John Nash won a Nobel Prize for demonstrating what I intuitively understand. I can see no harm in trusting either the mathematics or the ethics on this one. It will take at least as much to convince me otherwise.
The game in discussion is Liberty. The Field is America and the World. Please join me on the side of Liberty.
Peace
rwjefferson
Which states had laws regarding voting for federal representatives such as senators that required land ownership? I honestly don’t remember that.
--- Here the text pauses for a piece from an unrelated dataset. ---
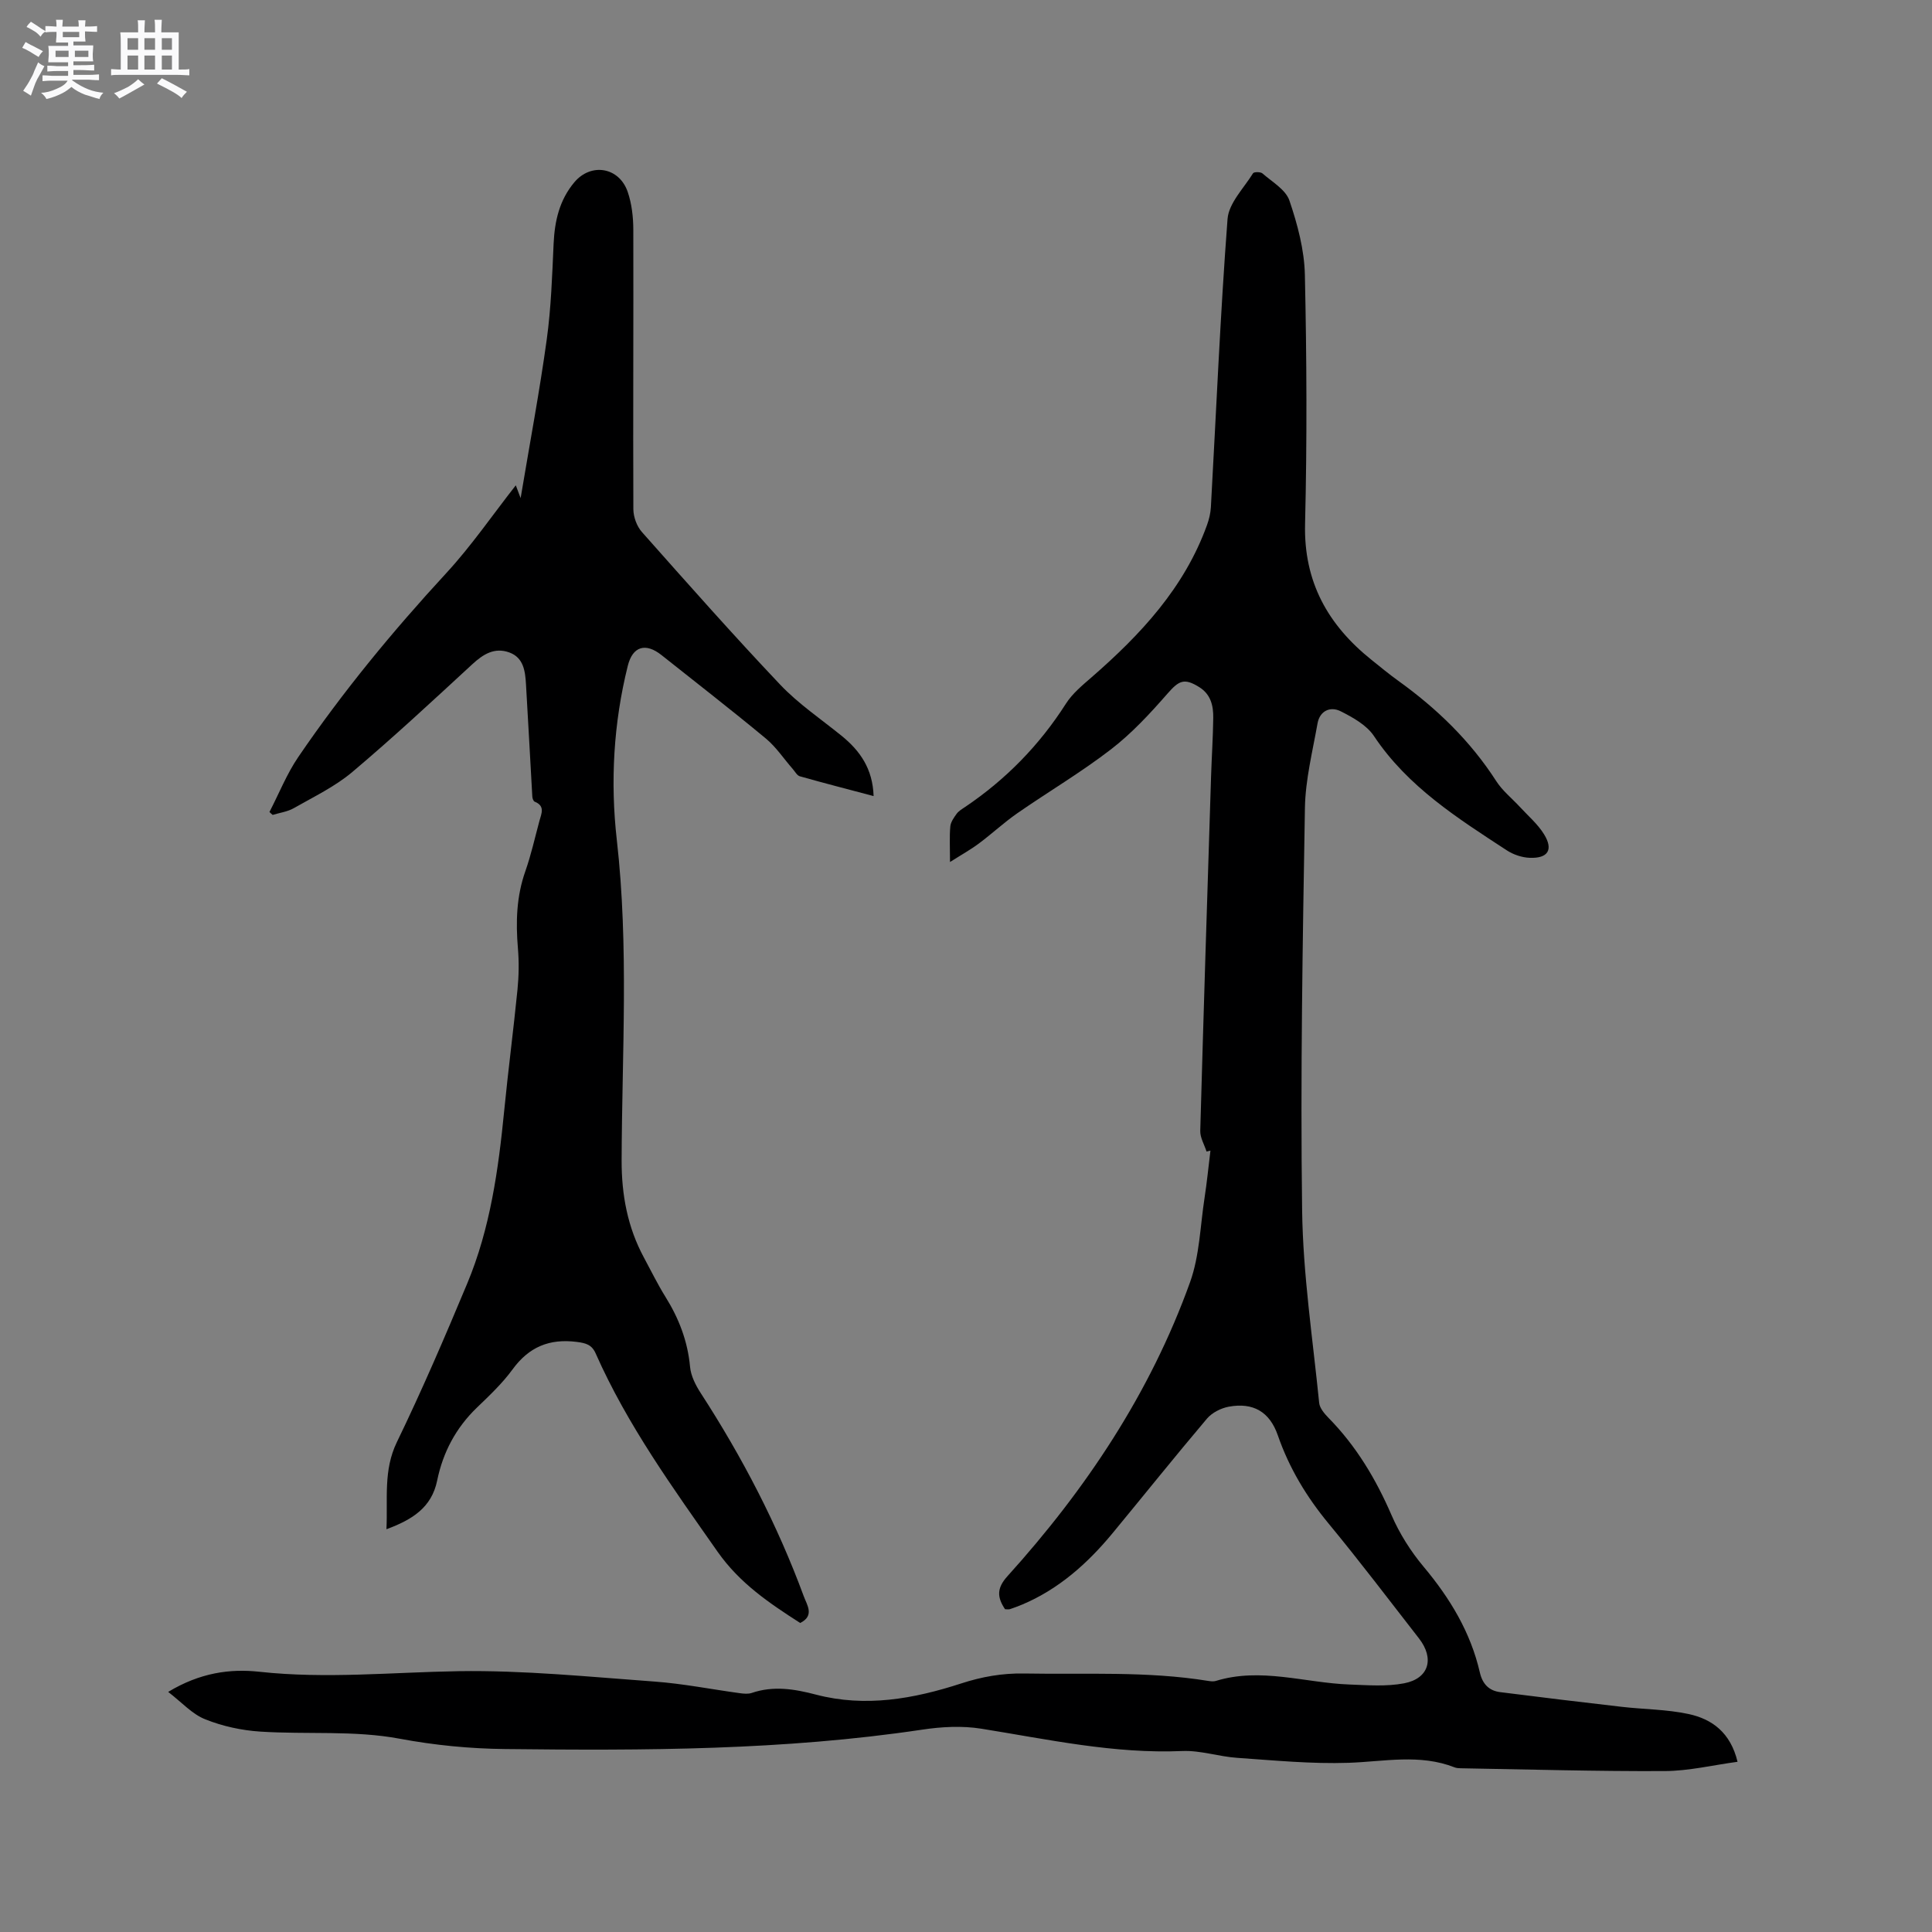 <svg enable-background="new 0 0 400 400" viewBox="0 0 400 400" xmlns="http://www.w3.org/2000/svg"><rect x="0" y="0" width="400" height="400" fill="#808080" stroke="none"/><path d="m6.8 9.5c.6.3 1.3.7 2.1 1.1-.4.4-.7.8-.9 1.2-.7-.4-1.3-.8-1.8-1.1s-1.1-.6-1.6-.8c.2-.4.5-.8.7-1.2.4.2.8.5 1.5.8zm.9 6.9c-.3.6-.5 1.1-.7 1.7s-.4 1.1-.6 1.7c-.6-.4-1.1-.7-1.6-1 .7-1 1.2-1.8 1.5-2.4.3-.5.6-1.1.8-1.7.3-.6.5-1.2.8-1.8.3.3.8.6 1.3.8-.7 1.3-1.2 2.2-1.5 2.7zm.1-11c.4.3 1 .7 1.7 1.1-.5.2-.8.6-1.1 1.1-.5-.6-1-1-1.4-1.2s-.9-.6-1.5-.8c.2-.4.5-.7.9-1.1.5.3.9.6 1.4.9zm10.5 13.1c1 .4 2 .6 3.1.7-.4.4-.7.8-.8 1.3-.9-.2-1.9-.6-3-.9-1-.4-2-.9-2.8-1.6-.5.4-1.1.9-1.9 1.3s-1.9.9-3.3 1.2c-.1-.3-.5-.8-1.1-1.3 1 0 2.1-.3 3.2-.8 1.2-.5 1.9-1 2.3-1.7h-3.2c-.4 0-1 0-2 .1v-1.2c1 0 1.7.1 2 .1h3.3v-1h-2.3c-.2 0-.9 0-2 .1v-1.2c1.2 0 1.9.1 2 .1h2.3v-.8h-4.1c0-.7.1-1.2.1-1.6 0-.5 0-1.1-.1-1.8h4.1v-.7h-2.5c0-.6.1-1.1.1-1.6v-.6h-.5c-.4 0-1 0-1.8.1v-1.3c1.2 0 1.9.1 2.1.1h.2c0-.3 0-.8-.1-1.4h1.4c0 .6-.1 1-.1 1.4h3.4c0-.4 0-.8-.1-1.3h1.5c0 .4-.1.9-.1 1.3.7 0 1.5 0 2.5-.1v1.2c-1 0-1.8-.1-2.5-.1v.6c0 .3 0 .8.1 1.5h-2.5v.8h4.1c0 .7-.1 1.3-.1 1.8s0 1 .1 1.5h-4.1v.8h1.4c.8 0 1.8 0 2.9-.1v1.2c-1 0-1.9-.1-2.8-.1h-1.5v1h3.2c.3 0 1 0 2.1-.1v1.2c-1.1 0-1.8-.1-2.1-.1h-3.4l-.1.1c1.4 1 2.4 1.5 3.4 1.9zm-4.1-6.7v-1.3h-2.7v1.3zm2.2-4.1v-1.1h-3.4v1.1zm1.9 4.1v-1.3h-2.8v1.3z" fill="#fafafb"/><path d="m37 6.7v2.3 5.4c1 0 1.8 0 2.2-.1v1.3c-.6 0-1.5-.1-2.5-.1h-11.9c-.7 0-1.3 0-1.8.1v-1.3c.5 0 1.1.1 2 .1v-5.2c0-1 0-1.8-.1-2.5h3.7c0-1.3 0-2.1-.1-2.5h1.5c0 .4-.1 1.3-.1 2.5h2.2c0-1.2 0-2.1-.1-2.6h1.5c0 .4-.1 1.3-.1 2.6zm-12.3 13.7c-.3-.4-.7-.8-1.1-1.1 1.1-.4 2.1-.9 2.9-1.3.8-.5 1.5-1 2.1-1.6.4.4.9.8 1.3 1.1-2.5 1.4-4.2 2.4-5.2 2.9zm3.9-10.1v-2.4h-2.2v2.4zm0 4.1v-2.9h-2.2v2.9zm3.5-4.1v-2.4h-2.2v2.4zm0 4.1v-2.9h-2.2v2.9zm.4 2.9 1-1.1c.6.3 1.4.7 2.5 1.3s2 1.1 2.7 1.5c-.4.4-.8.8-1.1 1.3-.8-.8-2.5-1.7-5.1-3zm3.1-7v-2.4h-2.1v2.4zm0 4.1v-2.9h-2.1v2.9z" fill="#fafafb"/><g fill="#000001"><path d="m34.82 350.29c6.61-3.98 12.78-4.83 18.88-4.17 13.79 1.51 27.5.1 41.25-.12 13.51-.21 27.06 1.17 40.56 2.15 5.9.43 11.75 1.6 17.63 2.4.81.11 1.73.21 2.48-.04 4.51-1.54 8.85-.83 13.35.35 10.21 2.67 20.22.87 30-2.31 4.29-1.4 8.53-2.15 13.05-2.07 12.71.23 25.45-.52 38.09 1.53.52.08 1.1.16 1.58.02 9.32-2.88 18.47.39 27.7.73 3.77.14 7.66.45 11.32-.25 5.15-.99 6.32-5.13 3.07-9.3-6.19-7.95-12.27-15.98-18.68-23.74-4.58-5.54-8.18-11.49-10.54-18.3-1.7-4.91-5.14-6.85-10.15-5.93-1.62.3-3.46 1.23-4.51 2.46-6.65 7.85-13.07 15.88-19.62 23.81-5.13 6.19-11.03 11.45-18.53 14.65-.88.37-1.77.7-2.67 1-.28.09-.61.01-1 .01-1.59-2.4-1.81-4.28.49-6.82 16.26-18 29.58-37.95 37.82-60.89 1.97-5.48 2.1-11.62 3-17.46.5-3.25.82-6.52 1.22-9.78-.27.06-.54.13-.81.19-.45-1.43-1.34-2.87-1.3-4.28.68-24.48 1.46-48.96 2.24-73.44.13-4.02.4-8.05.45-12.07.03-2.49-.49-4.84-2.87-6.34-3.13-1.96-4.22-1.4-6.6 1.32-3.6 4.12-7.39 8.22-11.7 11.54-6.2 4.78-12.98 8.78-19.42 13.25-2.76 1.92-5.24 4.24-7.94 6.25-1.7 1.27-3.56 2.3-5.97 3.83 0-3.13-.13-5.25.06-7.35.08-.92.74-1.84 1.31-2.63.42-.58 1.11-.98 1.72-1.39 8.46-5.7 15.42-12.81 20.92-21.43 1.33-2.08 3.37-3.77 5.27-5.42 10.18-8.86 19.24-18.55 23.93-31.55.42-1.17.73-2.44.8-3.68 1.11-19.9 1.94-39.81 3.45-59.68.25-3.28 3.36-6.37 5.28-9.47.19-.3 1.55-.31 1.94.03 2.01 1.76 4.82 3.36 5.59 5.62 1.68 4.94 3.09 10.22 3.2 15.39.38 17.17.46 34.37.04 51.54-.3 12.04 4.75 20.96 13.77 28.18 1.82 1.46 3.62 2.95 5.51 4.31 7.99 5.74 14.94 12.45 20.3 20.78 1.29 2.01 3.26 3.57 4.9 5.35 1.71 1.86 3.7 3.55 5 5.66 1.97 3.2.82 5.02-2.97 4.87-1.61-.06-3.39-.66-4.75-1.55-10.19-6.66-20.5-13.16-27.49-23.65-1.51-2.27-4.36-3.86-6.9-5.14-2.15-1.08-4.33-.09-4.79 2.52-1.03 5.81-2.51 11.65-2.61 17.49-.47 27.77-.95 55.55-.58 83.32.18 13.3 2.2 26.58 3.53 39.86.11 1.09 1.09 2.24 1.93 3.1 5.73 5.83 9.81 12.65 13.05 20.14 1.65 3.82 3.97 7.49 6.65 10.69 5.46 6.52 9.73 13.57 11.64 21.9.55 2.37 1.88 3.77 4.22 4.06 8.38 1.06 16.76 2.08 25.15 3.04 4.61.53 9.33.52 13.84 1.49 4.85 1.04 8.69 3.83 10.14 9.89-5.12.69-10.09 1.9-15.07 1.92-14.09.07-28.18-.34-42.27-.58-.42-.01-.87-.04-1.25-.19-7.22-2.83-14.56-1.19-21.93-.94-7.68.26-15.41-.5-23.1-1.03-3.79-.26-7.58-1.57-11.33-1.41-14.14.61-27.81-2.41-41.61-4.62-3.99-.64-8.26-.41-12.28.2-28.64 4.28-57.46 4.34-86.3 4.01-7.38-.08-14.57-.78-21.92-2.15-9.35-1.75-19.18-.84-28.78-1.46-3.84-.25-7.8-1.1-11.36-2.53-2.71-1.04-4.84-3.47-7.72-5.69z"/><path d="m55.79 168.11c1.97-3.8 3.57-7.86 5.96-11.37 9.21-13.51 19.58-26.09 30.68-38.12 5.21-5.66 9.6-12.08 14.36-18.14.13.34.4 1.06 1 2.65 1.93-11.55 3.93-22.13 5.4-32.79.91-6.58 1.13-13.26 1.43-19.91.22-4.69 1.2-9 4.28-12.68 3.44-4.11 9.29-3.18 11.06 1.98.84 2.45 1.15 5.19 1.16 7.8.05 19.3-.07 38.6.01 57.9.01 1.6.72 3.54 1.78 4.73 9.43 10.63 18.85 21.28 28.62 31.59 3.76 3.97 8.41 7.1 12.69 10.57 3.84 3.11 6.47 6.84 6.65 12.5-5.35-1.42-10.33-2.7-15.28-4.1-.58-.17-.99-.98-1.46-1.51-1.85-2.11-3.43-4.53-5.56-6.3-7.1-5.89-14.39-11.54-21.61-17.28-3.29-2.61-5.97-1.84-6.98 2.21-2.96 11.86-3.64 24.05-2.28 36.02 2.52 22.14 1.07 44.24 1 66.37-.02 7.15 1.23 13.88 4.64 20.18 1.46 2.7 2.81 5.48 4.43 8.08 2.79 4.47 4.61 9.19 5.1 14.5.17 1.87 1.15 3.8 2.2 5.42 8.62 13.29 15.88 27.26 21.36 42.13.63 1.72 2.28 3.98-.76 5.48-6.4-4.11-12.51-8.21-17.1-14.75-9.25-13.2-18.68-26.23-25.24-41.05-.8-1.82-2.03-2.15-3.9-2.39-5.67-.73-9.92 1.03-13.32 5.7-2.11 2.89-4.77 5.4-7.37 7.9-4.35 4.19-7.03 9.25-8.23 15.1-1.15 5.61-5.17 8.11-10.5 10.08.3-6.34-.68-12.18 2.16-18.04 5.21-10.76 9.94-21.76 14.55-32.8 4.79-11.46 6.47-23.64 7.68-35.91.82-8.33 1.91-16.64 2.74-24.97.28-2.83.33-5.72.09-8.55-.46-5.44-.31-10.74 1.54-15.97 1.19-3.39 1.97-6.92 2.91-10.4.4-1.49 1.25-3.1-.98-3.99-.27-.11-.47-.68-.49-1.05-.45-7.75-.84-15.51-1.31-23.26-.16-2.69-.48-5.51-3.46-6.59-3.05-1.1-5.39.35-7.66 2.45-8.18 7.54-16.33 15.13-24.83 22.3-3.59 3.03-7.99 5.13-12.12 7.49-1.3.74-2.91.95-4.38 1.4-.24-.19-.45-.4-.66-.61z"/></g></svg>

Yeah. It’s a pass alright. Why don’t you come back to me when you can discuss the topic at hand, instead of mindlessly spewing out the “clever” responses that you so ache to apply, even when they do not respond to the questions or comments made. You tried to pull the “You must be a hick, I have a entry level college background knowledge in the subject that I think allows me to play cute ‘urban legend debunking’ type games.” Only I don’t believe the urban legends, and I did not spout them in the first place.
Please, take your “training” and attempt to apply your “Everyone thing that people say must be the nail that my hammer is made for, even if it isn’t” line of debate elsewhere. Discuss what was written, without applying your formulaic answer to what wasn’t written.
In googling about for an answer to my own question, here is the best I can come up with so far:
“But the revolutionary struggle had significantly expanded the electorate. During the Revolution states with poll taxes and taxpayer franchises (such as North Carolina and New Hampshire) established nearly universal free male suffrage. When suffrage qualifications were tied to the value of an estate, wartime inflation eroded barriers. All states ended religious restrictions on voting. At war’s end, the eligible electorate numbered from 60 to 90 percent of free males, with most states edging close to the high end of that range.”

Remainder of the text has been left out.